**INFORMATION GIVEN:**

________________

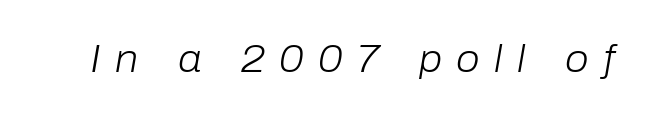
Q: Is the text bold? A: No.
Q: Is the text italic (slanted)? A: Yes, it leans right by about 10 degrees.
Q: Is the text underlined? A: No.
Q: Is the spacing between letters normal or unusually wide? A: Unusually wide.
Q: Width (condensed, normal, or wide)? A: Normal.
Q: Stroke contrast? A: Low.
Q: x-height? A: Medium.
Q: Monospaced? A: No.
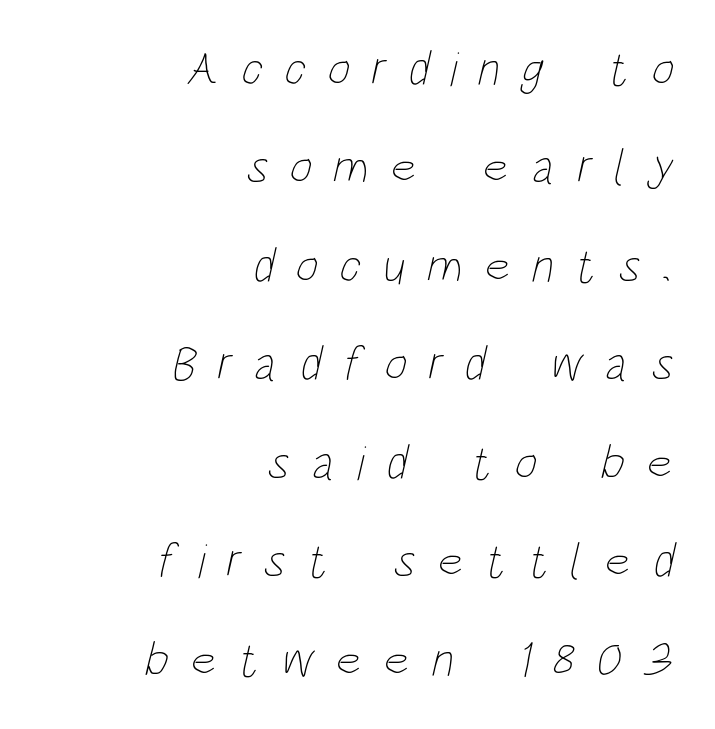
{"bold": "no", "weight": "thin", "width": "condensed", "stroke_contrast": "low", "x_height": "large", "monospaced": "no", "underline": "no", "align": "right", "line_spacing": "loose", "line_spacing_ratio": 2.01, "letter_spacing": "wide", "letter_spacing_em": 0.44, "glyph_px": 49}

________________

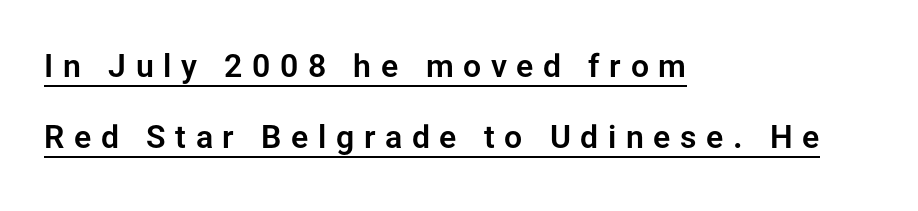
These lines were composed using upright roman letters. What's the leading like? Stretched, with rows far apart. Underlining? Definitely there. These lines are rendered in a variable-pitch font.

________________

**HOW TO COMPLETE THIS TASK:**
Could you find every line in the records above that contains the word "normal" and copy it?

**ANSWER TO THIS TASK:**
Q: Is the spacing between letters normal or unusually wide? A: Unusually wide.
Q: Width (condensed, normal, or wide)? A: Normal.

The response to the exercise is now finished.